The advice woke me up. Had I heard it in my 20’s or 30’s, I would likely have ignored it, but sometimes in our 40’s, we start to get sick enough of our old habits that we become open to something else. Having grown up in church and church school, you’d think this wouldn’t be a new question for me! But I’m afraid it was. My world had seemed to shrink to one word – ME. I was mostly an angry and depressed person by then, and I was in need of healing.

The advice reminded me of an old Bible verse from the New Testament.

Phil. 4:8   Finally, beloved, whatever is true, whatever is honorable, whatever is just, whatever is pure, whatever is pleasing, whatever is commendable, if there is any excellence and if there is anything worthy of praise, think about these things.

Around the same time, another good friend of mine told me that Paul’s advice had reminded him of something he’d heard – that when scientists are aiming a rocket ship at its eventual destination of the moon, even the smallest shift of the compass can make the difference of an accurate landing.
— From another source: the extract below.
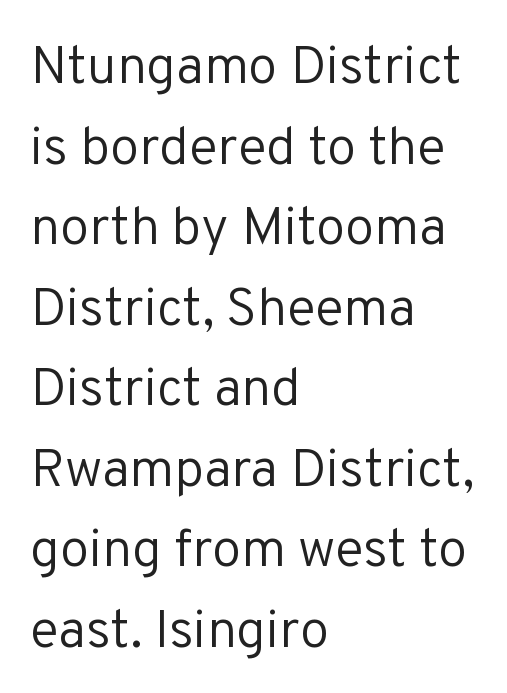
This rendering leaves character spacing at its baseline value. Look at the bottom of the vertical strokes: they stop flat, with no serifs. You can tell it's not italic because the verticals are truly vertical. This sample has the flowing, uneven cadence of proportional lettering. The rendering anchors every line to the left-hand side. What's the leading like? Ordinary, nothing unusual.

And so it was that I began to shift my thinking, letting my mind and heart dwell instead on this question, not where did I screw up today? Not, why am I not doing as well as so-and-so? Instead, I shifted the compass to “Where was God in my day?”

Every spring, I go out to a local pond to look for frog eggs to take back to my classroom so we can all watch the metamorphosis from tadpole to frog. Spotting the egg masses floating amid the twigs and spring debris is almost impossible at first. But, once you’ve developed an eye for the camouflaged eggs, suddenly they are everywhere! Starting to look for God in my day has been something like that. The evidence of God is everywhere, once an eye of trustful seeing has developed.

I’m certainly not always good at it, and ofttimes I fear I’ve lost the capacity altogether. I am often still so mired in my old habits that I find myself miserable, back on God’s doorstep, pounding at the door asking to see where God is. My experience has been that whenever I’ve asked, I’ve never yet been let down. It’s a way of being convinced that can’t be written about in scientific textbooks. I could never convince a skeptic. I just know that for me, I’ve received so many examples that I’ve lost track. The evidence is that my once turbulent heart has received peace over and over again.

A friend at work started a blog this year about her vocation of being a mother. Her reflective entries have been enjoyable to read, and it wasn’t long before I began to think that I’d like to write a blog. But, what would it be about? That’s when this question came to me. No sooner had I uttered my idea to my dear friend Bev, than I started to hear encouragement to do it.

And so, there you have it. Maybe you are someone who also has this desire to see God. Maybe you’re someone who is more on the skeptical end of the spectrum. No matter, I invite you to join and if anything rings true for you, please join me and offer stories of your own, evidence of that great question Paul gave me years ago, the question that is changing my life, one compass degree at a time. Who knows, one of these years, my old habits will become healed altogether and my metamorphosis will be complete.